Fabio Motta/Estadão
Fabio Motta/Estadão

Operários param obras e ameaçam prazos do Maracanã

Sindicato quer aumento de 15% no salário, além de benefícios

TIAGO ROGERO, Agência Estado

18 de fevereiro de 2013 | 13h45

RIO - As obras da reforma do Maracanã, que estão com prazo limitado para a disputa da Copa das Confederações, em junho, foram paralisadas nesta segunda-feira. Os operários interromperam o trabalho para pressionar o consórcio responsável pelas obras em busca de um aumento de 15% no salário, além de benefícios. O consórcio teria oferecido 8%.

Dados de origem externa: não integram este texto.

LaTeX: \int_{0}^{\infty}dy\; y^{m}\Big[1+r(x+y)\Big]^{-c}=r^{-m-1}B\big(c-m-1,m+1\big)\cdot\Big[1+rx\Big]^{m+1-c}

A paralisação foi confirmada pelo secretário estadual da Casa Civil do Rio de Janeiro, Régis Fichtner. "Houve uma certa parada hoje mas eles vão recomeçar amanhã. Temos convicção disso e o bom senso vai imperar", garantiu o responsável pela secretaria responsável pela concessão e reforma do Maracanã.

O retorno ao trabalho nesta terça ainda não foi confirmado pelo Sindicato dos Trabalhadores da Construção Pesada Intermunicipal do Rio de Janeiro (Sintraicp), que congrega os operários envolvidos na obra do Maracanã. Sindicato e consórcio ainda estão em negociação.

A paralisação aumenta a preocupação sobre um eventual atraso na entrega do Maracanã para a Copa das Confederações, a ser disputada entre 15 e 30 de junho. O estádio receberá a final e mais dois outros jogos da competição que serve de prévia para a Copa do Mundo.

Desde o início da reforma, no segundo semestre de 2010, o Maracanã sofre com sucessivos atrasos no cronograma. Àquela época, prometia-se a reformulada arena para dezembro de 2012, prazo inicial estipulado pela Fifa.

No entanto, mudanças e adaptações no projeto levaram à alteração da entrega, definida por último para abril. O primeiro evento-teste está marcado para o dia 24 do mesmo mês. O segundo será em 8 de maio. A Fifa vai assumir a gestão do estádio em 24 de maio.